> **Material shown**
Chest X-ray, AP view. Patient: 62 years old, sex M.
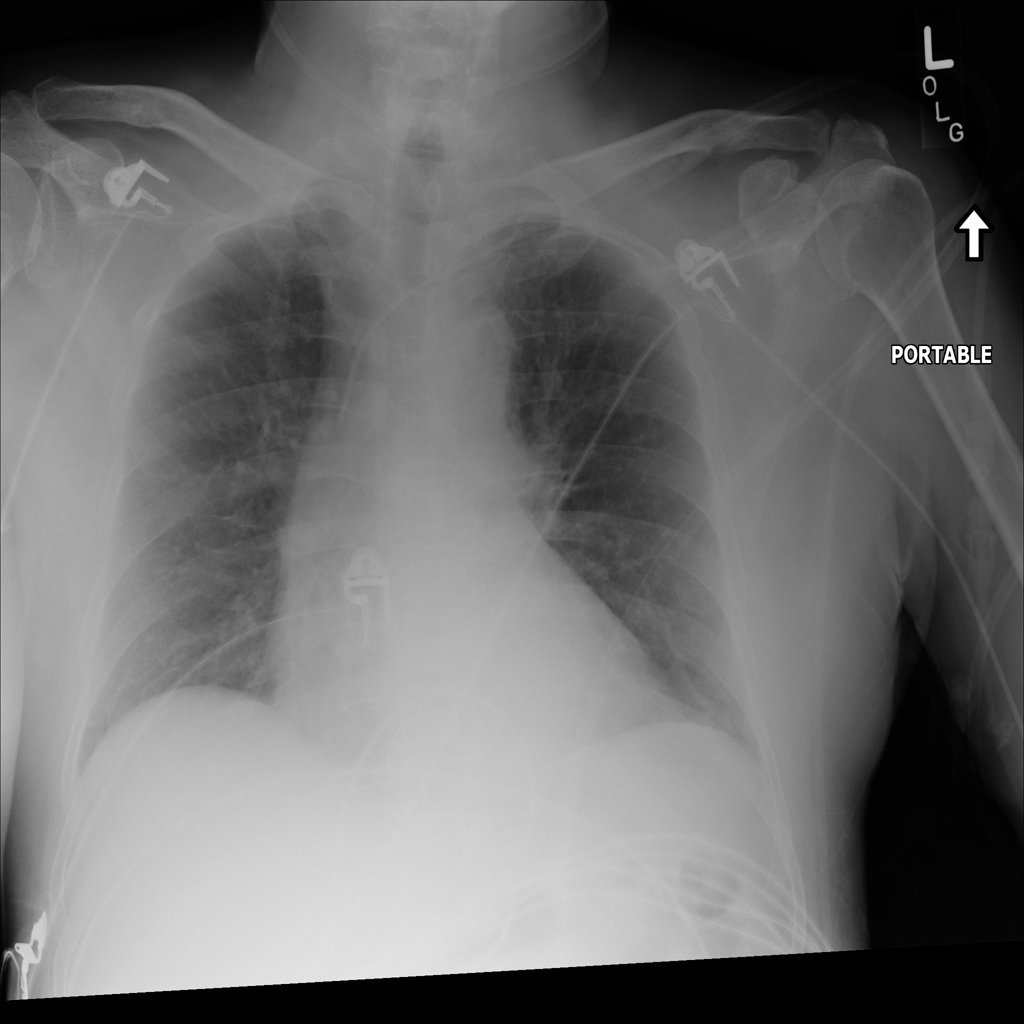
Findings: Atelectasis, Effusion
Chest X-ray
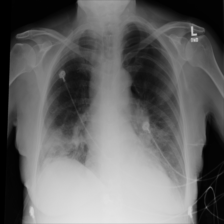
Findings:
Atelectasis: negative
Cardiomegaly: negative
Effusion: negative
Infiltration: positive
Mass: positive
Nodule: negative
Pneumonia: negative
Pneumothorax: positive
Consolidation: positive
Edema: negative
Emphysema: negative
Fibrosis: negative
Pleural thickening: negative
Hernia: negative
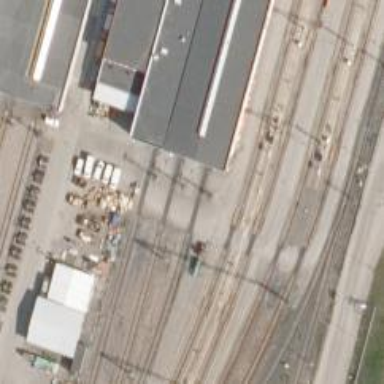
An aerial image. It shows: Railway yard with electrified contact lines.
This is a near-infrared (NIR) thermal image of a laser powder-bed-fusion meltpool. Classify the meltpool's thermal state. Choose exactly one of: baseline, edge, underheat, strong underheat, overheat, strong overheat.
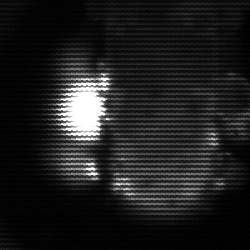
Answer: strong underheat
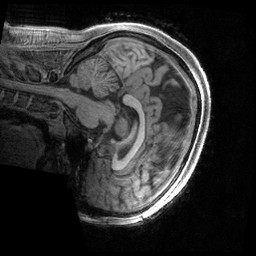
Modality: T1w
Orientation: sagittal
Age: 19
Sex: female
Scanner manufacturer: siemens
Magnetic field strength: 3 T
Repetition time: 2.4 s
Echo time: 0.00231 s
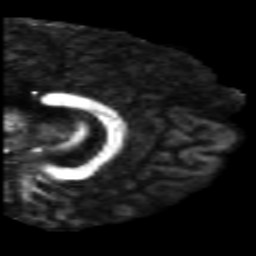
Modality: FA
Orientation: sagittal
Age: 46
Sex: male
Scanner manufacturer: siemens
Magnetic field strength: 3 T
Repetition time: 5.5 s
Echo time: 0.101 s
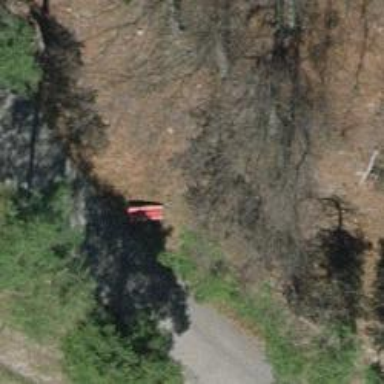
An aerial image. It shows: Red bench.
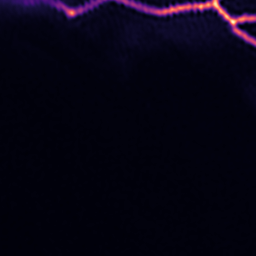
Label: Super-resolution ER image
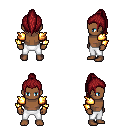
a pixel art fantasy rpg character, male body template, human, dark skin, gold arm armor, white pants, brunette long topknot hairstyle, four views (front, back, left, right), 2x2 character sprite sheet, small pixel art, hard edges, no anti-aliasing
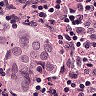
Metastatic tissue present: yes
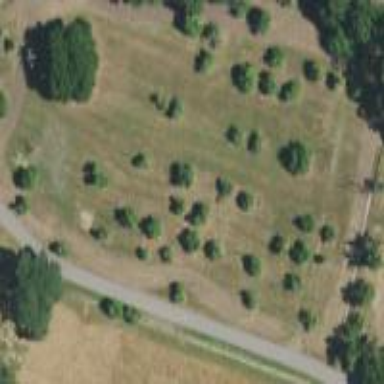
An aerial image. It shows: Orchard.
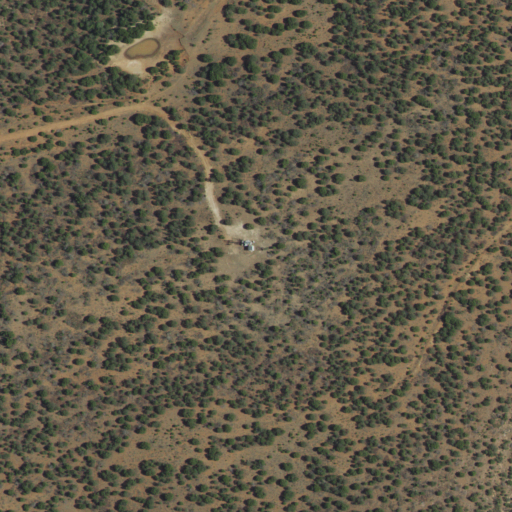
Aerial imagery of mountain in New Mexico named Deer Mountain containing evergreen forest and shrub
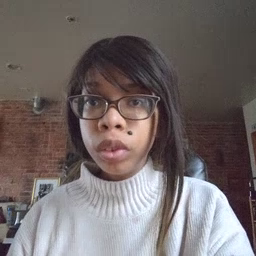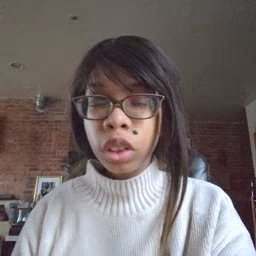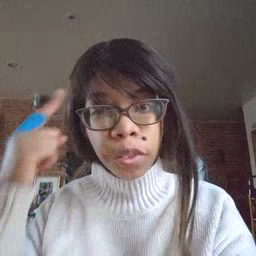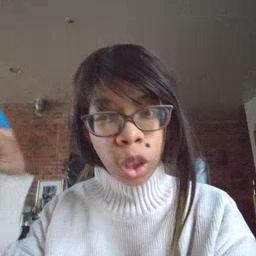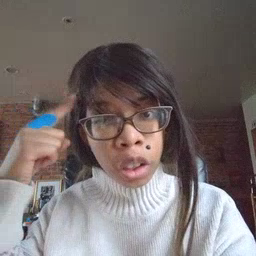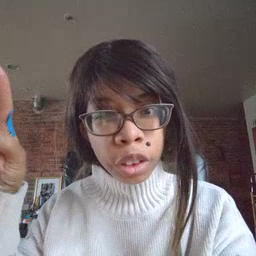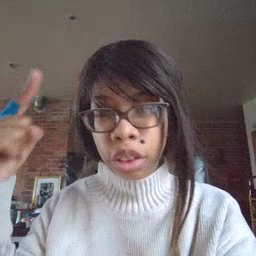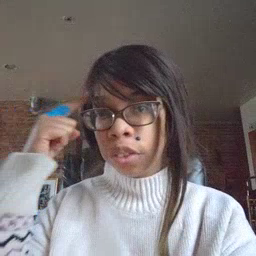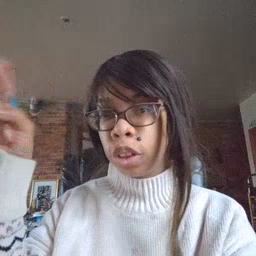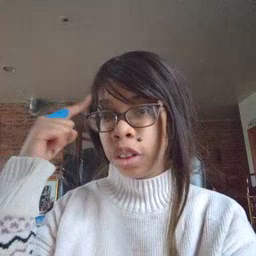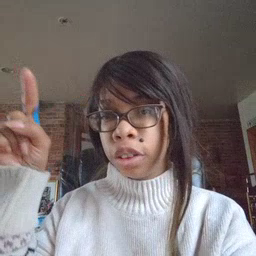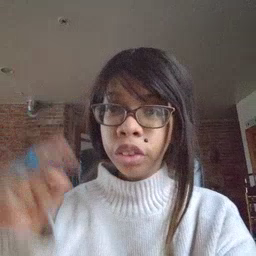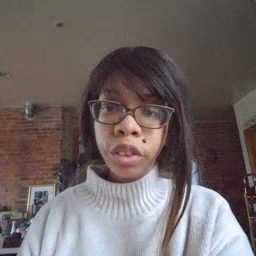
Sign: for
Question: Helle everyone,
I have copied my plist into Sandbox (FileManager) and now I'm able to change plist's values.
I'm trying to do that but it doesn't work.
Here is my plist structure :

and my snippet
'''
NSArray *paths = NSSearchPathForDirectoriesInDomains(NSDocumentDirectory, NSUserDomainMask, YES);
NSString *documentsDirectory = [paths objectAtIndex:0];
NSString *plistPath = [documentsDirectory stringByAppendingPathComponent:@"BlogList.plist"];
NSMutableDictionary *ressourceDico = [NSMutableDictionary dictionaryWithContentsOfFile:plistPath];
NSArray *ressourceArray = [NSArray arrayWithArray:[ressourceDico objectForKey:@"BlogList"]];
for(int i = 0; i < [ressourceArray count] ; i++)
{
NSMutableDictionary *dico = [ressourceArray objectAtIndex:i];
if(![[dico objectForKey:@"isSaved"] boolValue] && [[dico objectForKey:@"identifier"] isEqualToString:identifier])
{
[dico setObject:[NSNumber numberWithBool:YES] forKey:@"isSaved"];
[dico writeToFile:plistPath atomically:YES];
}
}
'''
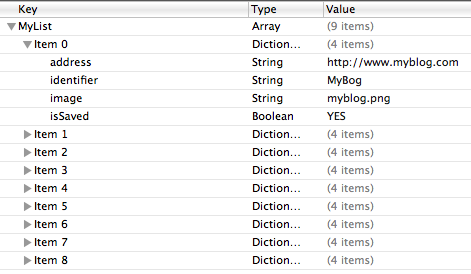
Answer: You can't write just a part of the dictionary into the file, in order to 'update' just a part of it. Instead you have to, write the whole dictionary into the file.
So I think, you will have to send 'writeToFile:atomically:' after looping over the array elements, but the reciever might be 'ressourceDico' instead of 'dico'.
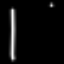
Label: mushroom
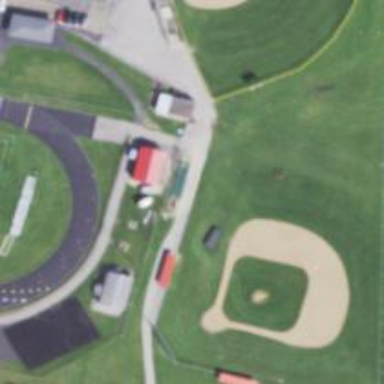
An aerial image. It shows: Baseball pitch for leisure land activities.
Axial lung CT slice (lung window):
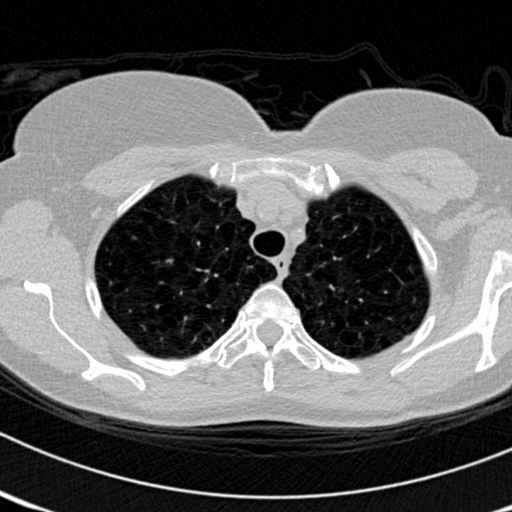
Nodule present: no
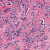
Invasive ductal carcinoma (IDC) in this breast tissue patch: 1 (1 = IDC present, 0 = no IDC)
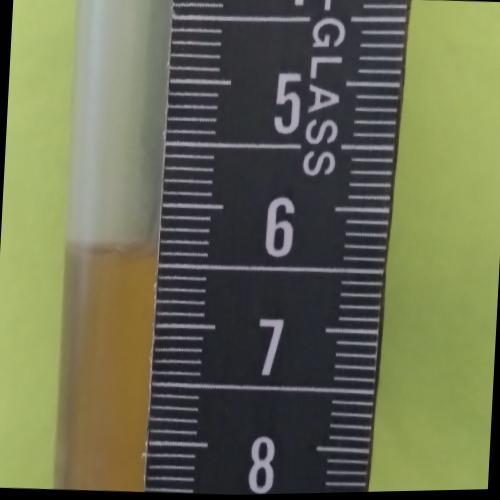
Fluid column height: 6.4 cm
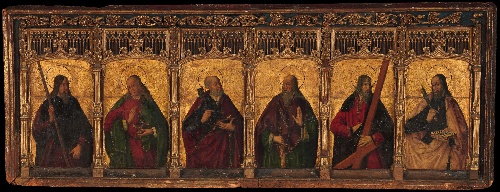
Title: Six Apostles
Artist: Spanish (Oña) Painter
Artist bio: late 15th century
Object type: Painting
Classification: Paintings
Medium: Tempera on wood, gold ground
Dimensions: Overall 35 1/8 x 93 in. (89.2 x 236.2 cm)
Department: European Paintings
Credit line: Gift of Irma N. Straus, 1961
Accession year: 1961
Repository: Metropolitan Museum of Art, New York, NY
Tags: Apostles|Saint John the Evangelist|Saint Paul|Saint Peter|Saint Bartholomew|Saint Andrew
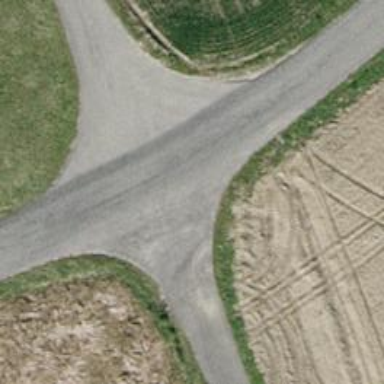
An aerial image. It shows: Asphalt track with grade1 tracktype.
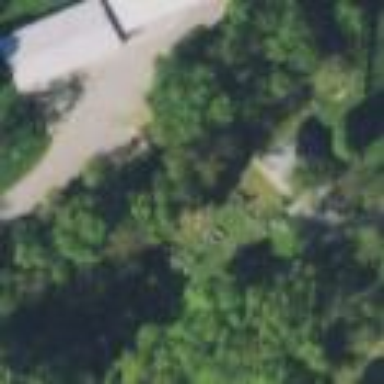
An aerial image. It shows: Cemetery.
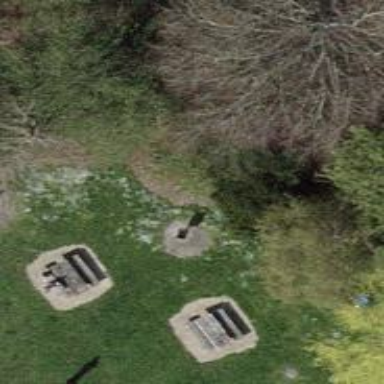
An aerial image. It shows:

> **Exercise**
Write out the whole listing above exactly; do not include the pictures.

> **Exercise response**
Chest X-ray, AP view. Patient: 62 years old, sex M.
Findings: Atelectasis, Effusion
Chest X-ray
Findings:
Atelectasis: negative
Cardiomegaly: negative
Effusion: negative
Infiltration: positive
Mass: positive
Nodule: negative
Pneumonia: negative
Pneumothorax: positive
Consolidation: positive
Edema: negative
Emphysema: negative
Fibrosis: negative
Pleural thickening: negative
Hernia: negative
An aerial image. It shows: Railway yard with electrified contact lines.
This is a near-infrared (NIR) thermal image of a laser powder-bed-fusion meltpool. Classify the meltpool's thermal state. Choose exactly one of: baseline, edge, underheat, strong underheat, overheat, strong overheat.
Answer: strong underheat
Modality: T1w
Orientation: sagittal
Age: 19
Sex: female
Scanner manufacturer: siemens
Magnetic field strength: 3 T
Repetition time: 2.4 s
Echo time: 0.00231 s
Modality: FA
Orientation: sagittal
Age: 46
Sex: male
Scanner manufacturer: siemens
Magnetic field strength: 3 T
Repetition time: 5.5 s
Echo time: 0.101 s
An aerial image. It shows: Red bench.
Label: Super-resolution ER image
a pixel art fantasy rpg character, male body template, human, dark skin, gold arm armor, white pants, brunette long topknot hairstyle, four views (front, back, left, right), 2x2 character sprite sheet, small pixel art, hard edges, no anti-aliasing
Metastatic tissue present: yes
An aerial image. It shows: Orchard.
Aerial imagery of mountain in New Mexico named Deer Mountain containing evergreen forest and shrub
Sign: for
Question: Helle everyone,
I have copied my plist into Sandbox (FileManager) and now I'm able to change plist's values.
I'm trying to do that but it doesn't work.
Here is my plist structure :

and my snippet
'''
NSArray *paths = NSSearchPathForDirectoriesInDomains(NSDocumentDirectory, NSUserDomainMask, YES);
NSString *documentsDirectory = [paths objectAtIndex:0];
NSString *plistPath = [documentsDirectory stringByAppendingPathComponent:@"BlogList.plist"];
NSMutableDictionary *ressourceDico = [NSMutableDictionary dictionaryWithContentsOfFile:plistPath];
NSArray *ressourceArray = [NSArray arrayWithArray:[ressourceDico objectForKey:@"BlogList"]];
for(int i = 0; i < [ressourceArray count] ; i++)
{
NSMutableDictionary *dico = [ressourceArray objectAtIndex:i];
if(![[dico objectForKey:@"isSaved"] boolValue] && [[dico objectForKey:@"identifier"] isEqualToString:identifier])
{
[dico setObject:[NSNumber numberWithBool:YES] forKey:@"isSaved"];
[dico writeToFile:plistPath atomically:YES];
}
}
'''
Answer: You can't write just a part of the dictionary into the file, in order to 'update' just a part of it. Instead you have to, write the whole dictionary into the file.
So I think, you will have to send 'writeToFile:atomically:' after looping over the array elements, but the reciever might be 'ressourceDico' instead of 'dico'.
Label: mushroom
An aerial image. It shows: Baseball pitch for leisure land activities.
Axial lung CT slice (lung window):
Nodule present: no
Invasive ductal carcinoma (IDC) in this breast tissue patch: 1 (1 = IDC present, 0 = no IDC)
Fluid column height: 6.4 cm
Title: Six Apostles
Artist: Spanish (Oña) Painter
Artist bio: late 15th century
Object type: Painting
Classification: Paintings
Medium: Tempera on wood, gold ground
Dimensions: Overall 35 1/8 x 93 in. (89.2 x 236.2 cm)
Department: European Paintings
Credit line: Gift of Irma N. Straus, 1961
Accession year: 1961
Repository: Metropolitan Museum of Art, New York, NY
Tags: Apostles|Saint John the Evangelist|Saint Paul|Saint Peter|Saint Bartholomew|Saint Andrew
An aerial image. It shows: Asphalt track with grade1 tracktype.
An aerial image. It shows: Cemetery.
An aerial image. It shows:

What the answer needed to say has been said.